Question

Find the area of a rhombus whose side is 6 cm and whose altitude is 4 cm. If one
of its diagonals is 8 cm long, find the length of the other diagonal.

Answer 1

Answer:

Area of rhombus = 24 cm²

Length of the other diagonal = 6 cm.

Step-by-step explanation:

Hi,

Given the side of the rhombus, b = 6 cm

Also, Given the altitude of rhombus , h = 4 cm,

Area of the rhombus when base(side) and altitude(h)

are given is given by A = base * height

Thus, Area of rhombus = 6 * 4  cm²

Area of rhombus = 24 cm².

Given one of the diagonal is of length  8 cm,

Let d₁ = 8 cm.

Let the length of the other diagonal be d₂.

If d₁, d₂ length of the diagonals are known, then

Area of rhombus is given by A = 1/2*d₁*d₂,

But we know, A = 24

Hence, 1/2*d₁*d₂ = 24

1/2*8*d₂ = 24

d₂ = 6 cm.

Hence, length of the other diagonal of rhombus

is 6 cm.

Hope, it helps !

Answer 2

Since,a rhombus is also a kind of a parallelogram.
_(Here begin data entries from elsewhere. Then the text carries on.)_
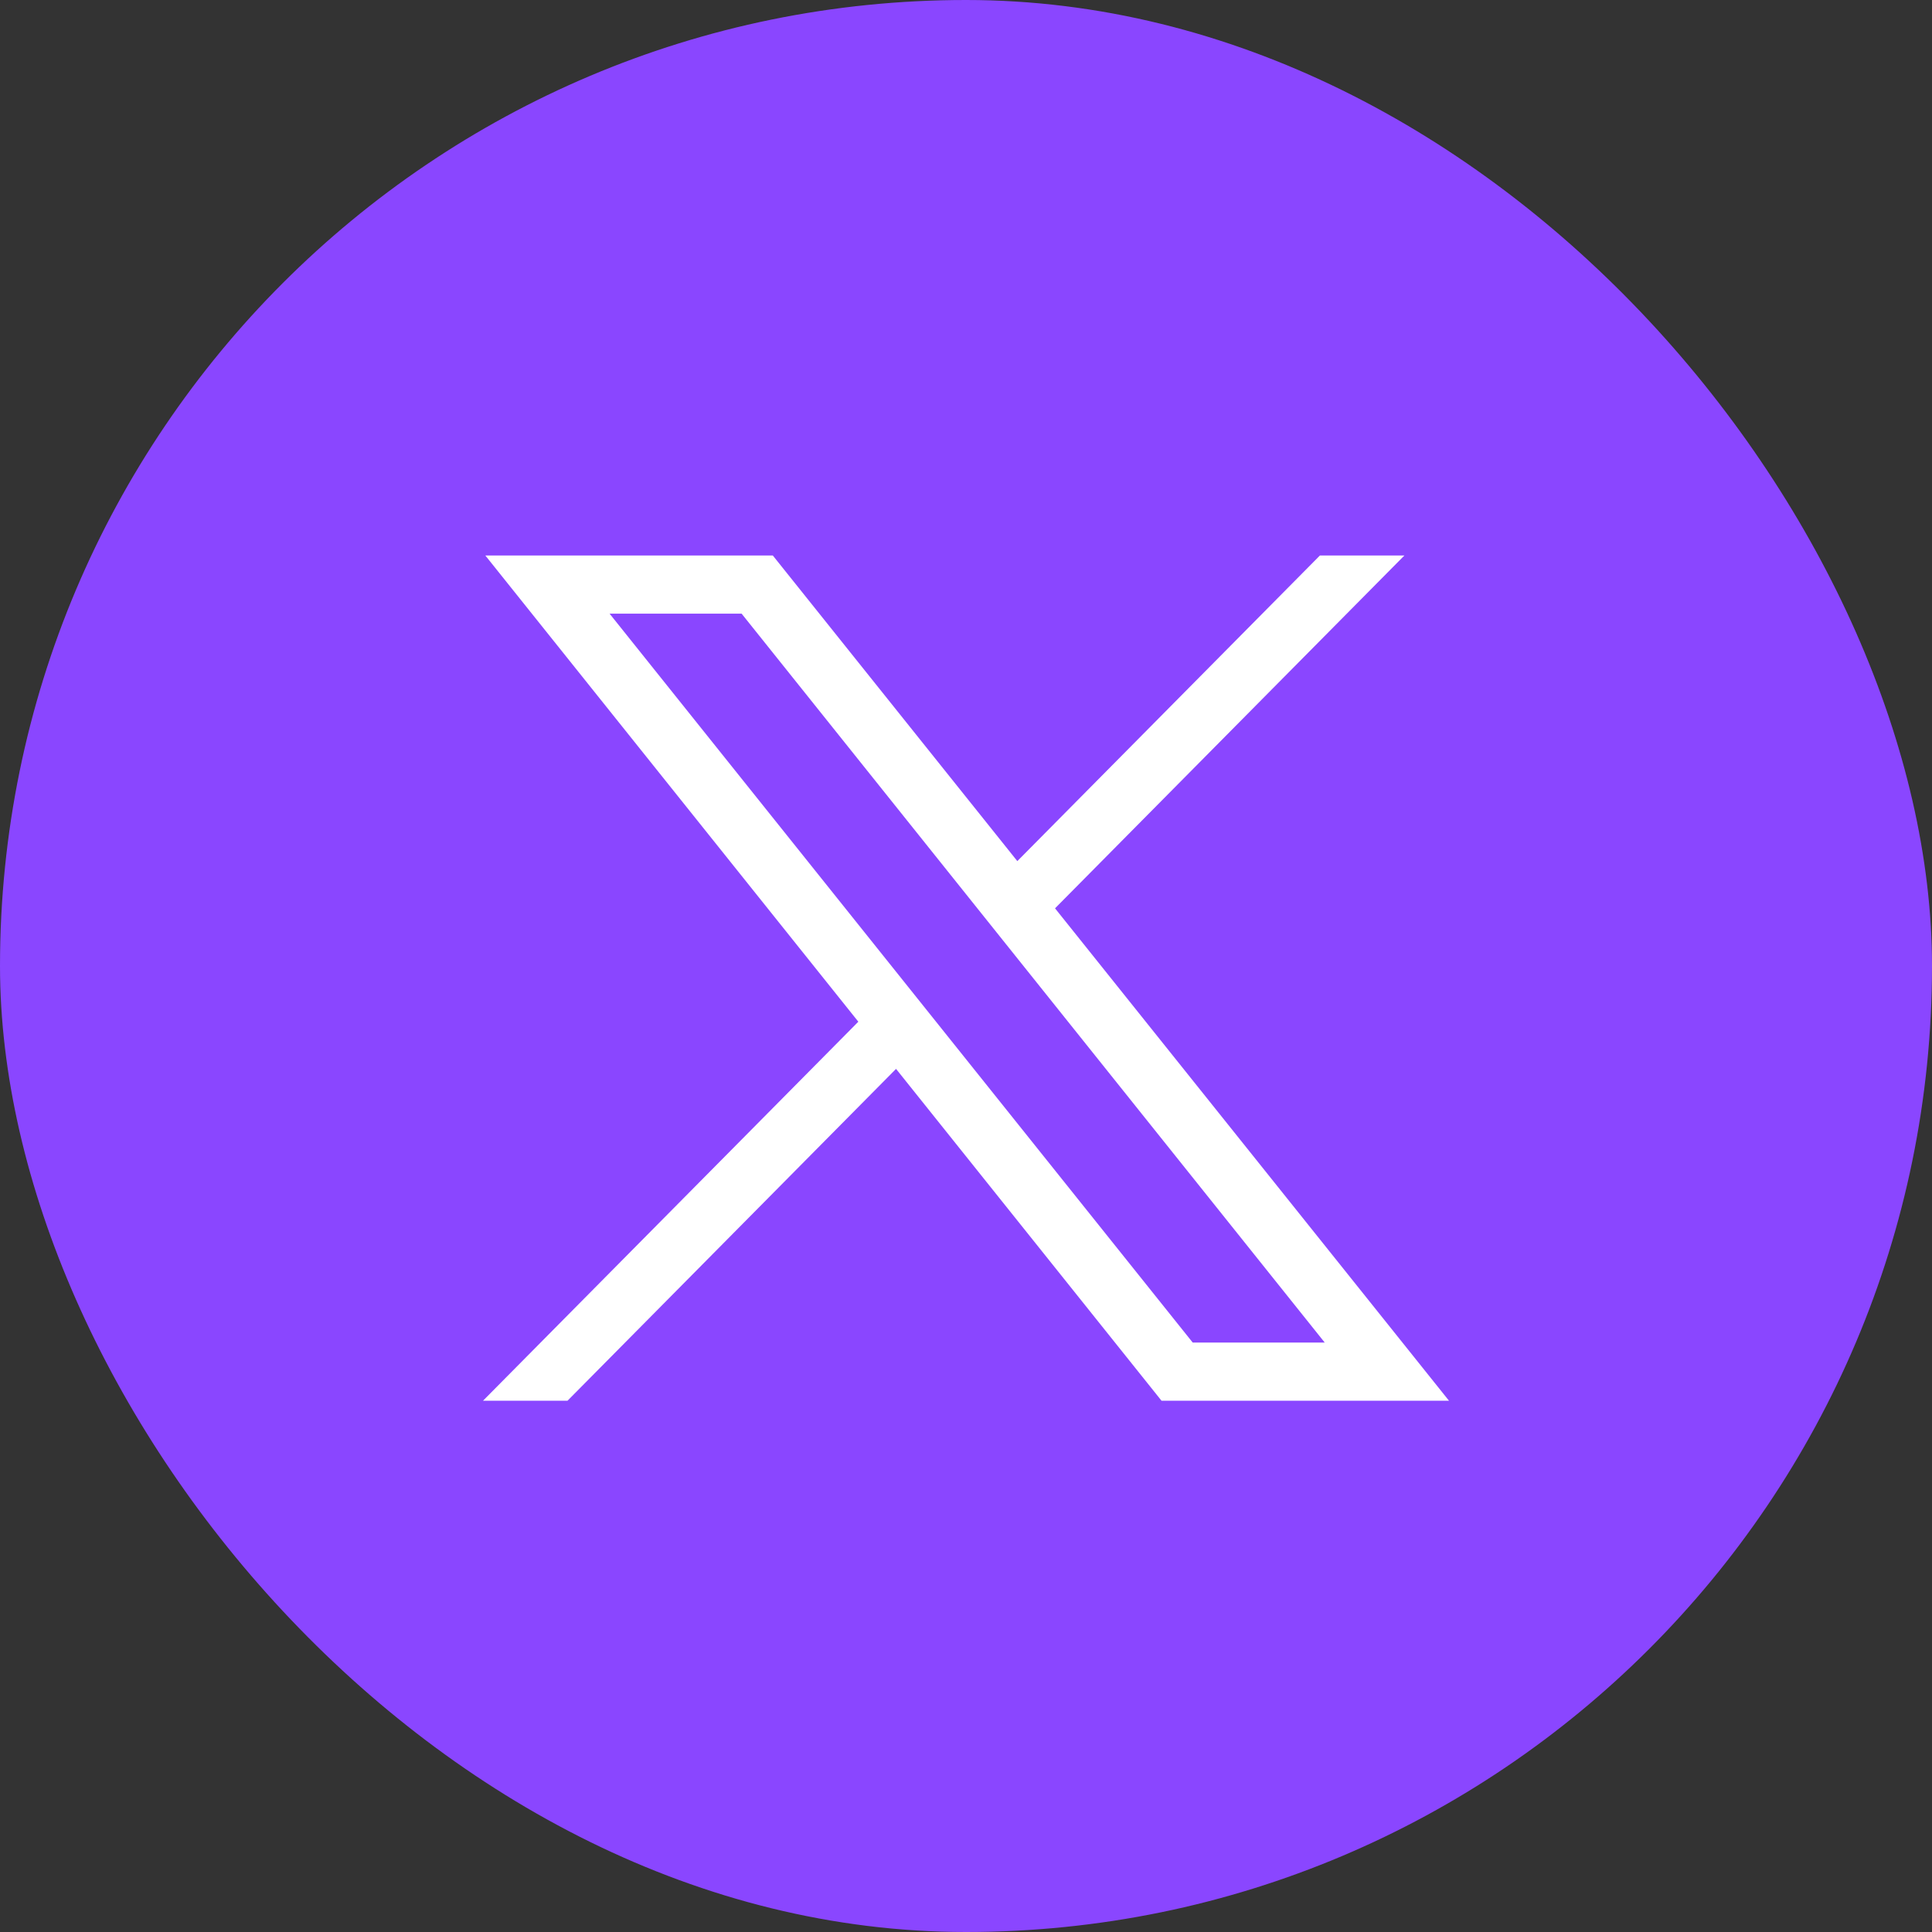 <svg width="48" height="48" viewBox="0 0 48 48" fill="none" xmlns="http://www.w3.org/2000/svg">
<rect x="0" y="0" width="48" height="48" fill="#333333" stroke="none"/>
<rect width="48" height="48" rx="24" fill="#8A46FF"/>
<path d="M12.058 13.801L21.325 25.384L12 34.801H14.099L22.262 26.556L28.858 34.801H36L26.212 22.567L34.892 13.801H32.793L25.275 21.394L19.2 13.801H12.058ZM15.145 15.246H18.425L32.913 33.356H29.633L15.145 15.246Z" fill="white"/>
</svg>
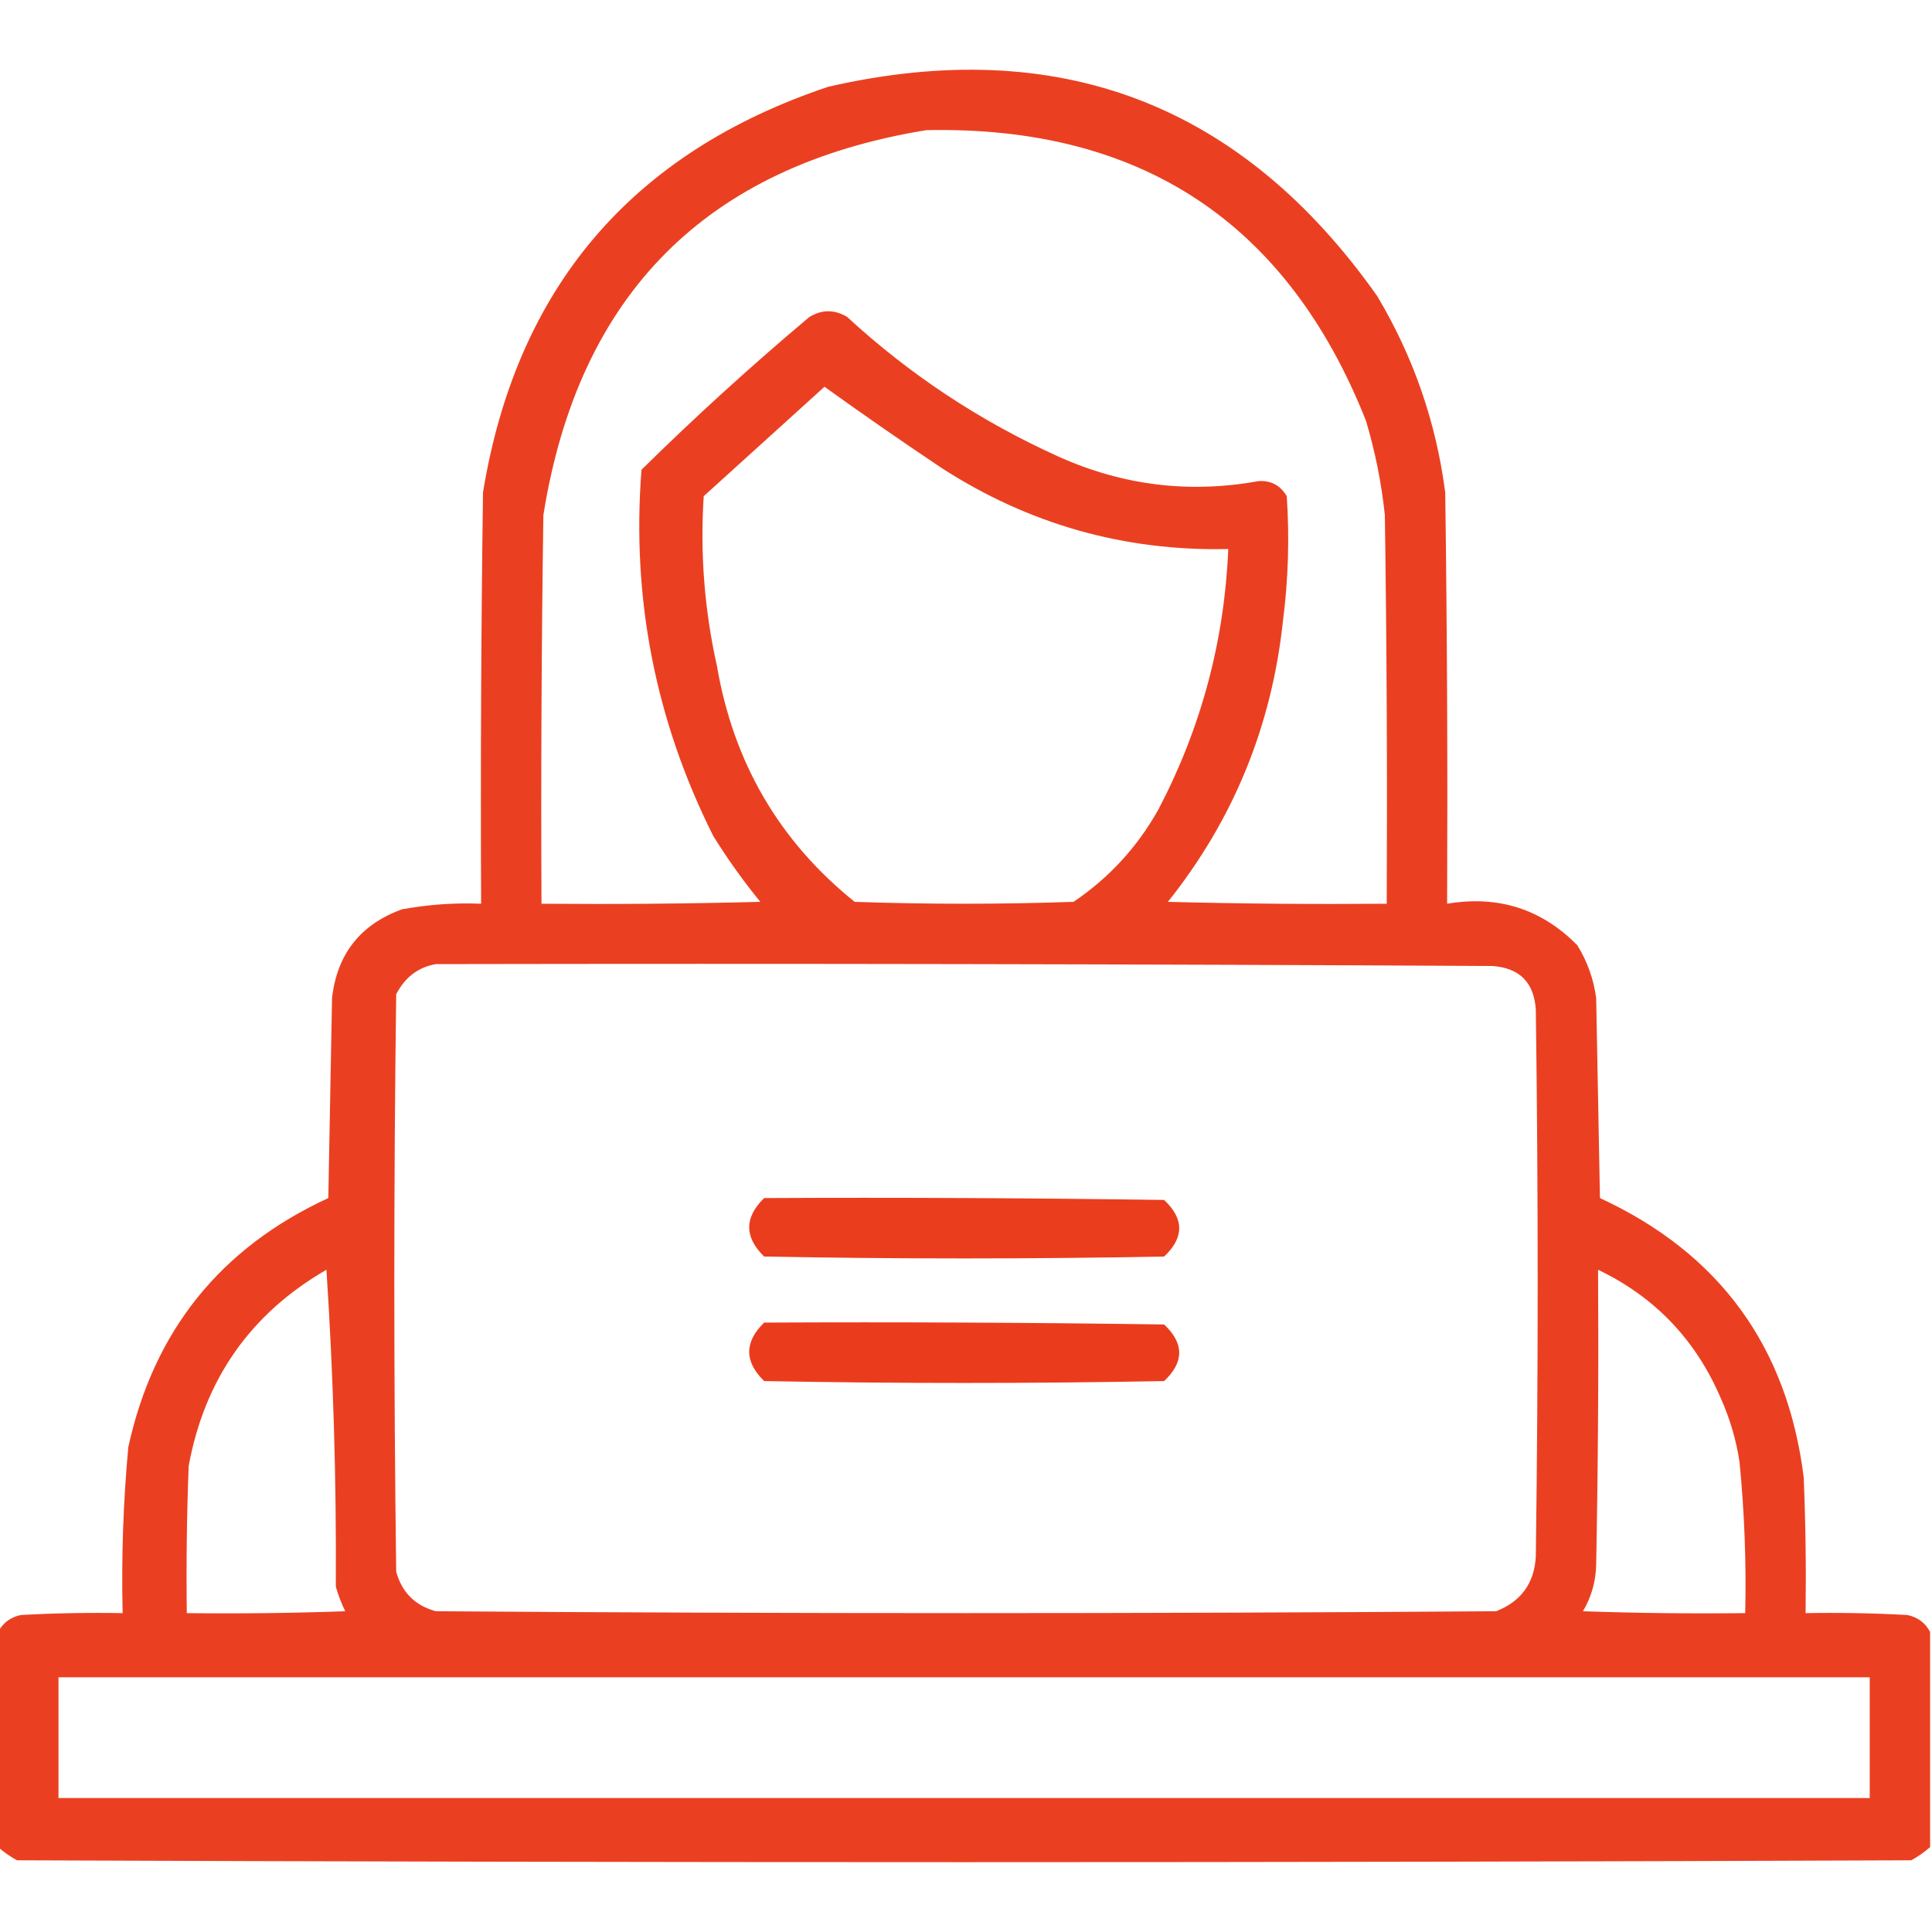 <?xml version="1.0" encoding="UTF-8"?> <svg xmlns="http://www.w3.org/2000/svg" width="44" height="44" viewBox="0 0 44 44" fill="none"><g clip-path="url(#clip0_92_7003)"><path opacity="0.938" fill-rule="evenodd" clip-rule="evenodd" d="M43.957 37.168C43.957 38.8 43.957 40.433 43.957 42.066C43.827 42.181 43.684 42.281 43.527 42.367C29.147 42.424 14.767 42.424 0.387 42.367C0.23 42.281 0.087 42.181 -0.043 42.066C-0.043 40.433 -0.043 38.8 -0.043 37.168C0.064 36.961 0.236 36.832 0.473 36.781C1.246 36.738 2.019 36.724 2.793 36.738C2.763 35.474 2.806 34.214 2.922 32.957C3.5 30.311 5.018 28.42 7.477 27.285C7.505 25.767 7.534 24.248 7.562 22.73C7.676 21.729 8.206 21.055 9.152 20.71C9.748 20.6 10.35 20.557 10.957 20.582C10.943 17.459 10.957 14.337 11 11.214C11.763 6.555 14.384 3.476 18.863 1.976C24.109 0.774 28.277 2.364 31.367 6.746C32.19 8.126 32.706 9.616 32.914 11.214C32.957 14.337 32.971 17.459 32.957 20.582C34.119 20.386 35.108 20.701 35.922 21.527C36.151 21.898 36.294 22.299 36.352 22.73C36.38 24.248 36.409 25.767 36.438 27.285C39.159 28.545 40.706 30.665 41.078 33.644C41.121 34.675 41.135 35.706 41.121 36.738C41.895 36.724 42.669 36.738 43.441 36.781C43.678 36.832 43.85 36.961 43.957 37.168ZM21.098 2.964C25.982 2.862 29.319 5.068 31.109 9.582C31.319 10.284 31.462 11.001 31.539 11.73C31.582 14.681 31.596 17.631 31.582 20.582C29.92 20.596 28.259 20.582 26.598 20.539C28.09 18.669 28.964 16.535 29.219 14.136C29.34 13.194 29.369 12.248 29.305 11.3C29.158 11.052 28.943 10.938 28.66 10.957C27.086 11.243 25.568 11.057 24.105 10.398C22.327 9.595 20.723 8.535 19.293 7.218C19.006 7.046 18.72 7.046 18.434 7.218C17.111 8.33 15.836 9.49 14.609 10.699C14.382 13.632 14.927 16.41 16.242 19.035C16.567 19.56 16.925 20.061 17.316 20.539C15.655 20.582 13.994 20.596 12.332 20.582C12.318 17.631 12.332 14.681 12.375 11.73C13.178 6.702 16.086 3.78 21.098 2.964ZM18.777 8.808C19.651 9.436 20.538 10.052 21.441 10.656C23.43 11.941 25.607 12.557 27.973 12.504C27.885 14.6 27.355 16.577 26.383 18.433C25.905 19.288 25.261 19.99 24.449 20.539C22.788 20.596 21.126 20.596 19.465 20.539C17.75 19.161 16.705 17.37 16.328 15.168C16.043 13.89 15.942 12.601 16.027 11.3C16.948 10.465 17.865 9.635 18.777 8.808ZM9.926 21.957C17.947 21.942 25.968 21.957 33.988 22C34.604 22.043 34.934 22.372 34.977 22.988C35.034 27.142 35.034 31.295 34.977 35.449C34.943 36.056 34.642 36.471 34.074 36.695C26.025 36.752 17.975 36.752 9.926 36.695C9.453 36.566 9.152 36.265 9.023 35.793C8.966 31.41 8.966 27.027 9.023 22.644C9.222 22.258 9.522 22.028 9.926 21.957ZM7.434 28.918C7.591 31.294 7.662 33.7 7.648 36.136C7.704 36.331 7.775 36.517 7.863 36.695C6.66 36.738 5.457 36.752 4.254 36.738C4.24 35.62 4.254 34.503 4.297 33.386C4.661 31.406 5.707 29.916 7.434 28.918ZM36.395 28.918C37.687 29.537 38.618 30.511 39.188 31.84C39.397 32.306 39.541 32.793 39.617 33.3C39.729 34.443 39.772 35.589 39.746 36.738C38.514 36.752 37.282 36.738 36.051 36.695C36.245 36.366 36.346 36.008 36.352 35.621C36.395 33.386 36.409 31.152 36.395 28.918ZM1.332 38.199C15.082 38.199 28.832 38.199 42.582 38.199C42.582 39.115 42.582 40.032 42.582 40.949C28.832 40.949 15.082 40.949 1.332 40.949C1.332 40.032 1.332 39.115 1.332 38.199Z" fill="#E93514"></path><path opacity="0.954" fill-rule="evenodd" clip-rule="evenodd" d="M17.403 27.285C20.439 27.27 23.476 27.285 26.512 27.328C26.97 27.757 26.97 28.187 26.512 28.617C23.476 28.674 20.439 28.674 17.403 28.617C16.949 28.173 16.949 27.729 17.403 27.285Z" fill="#E93514"></path><path opacity="0.958" fill-rule="evenodd" clip-rule="evenodd" d="M17.403 30.121C20.439 30.106 23.476 30.121 26.512 30.164C26.97 30.593 26.97 31.023 26.512 31.453C23.476 31.51 20.439 31.51 17.403 31.453C16.949 31.009 16.949 30.565 17.403 30.121Z" fill="#E93514"></path></g><defs><clipPath id="clip0_92_7003"><rect width="44" height="44" fill="white"></rect></clipPath></defs></svg>

Formula of area of rhombus =Base×Altitude

Putting values, we have

Area of rhombus =6×4=24

Since, Area of rhombus is 24 cm².

Also,formula for area of rhombus =$\frac{1}{2}×d_1d_2$

Given,Length of one diagonal =$d_1$=8

Let length of other diagonal =$d_2$

After substituting the values, we get

$24=\frac{1}{2}×8×d_2$

$24=4×d_2$

$4×d_2=24$

$d_2=\frac{24}{4}$

$d_2=6$

Hence, length of other diagonal is 6 cm.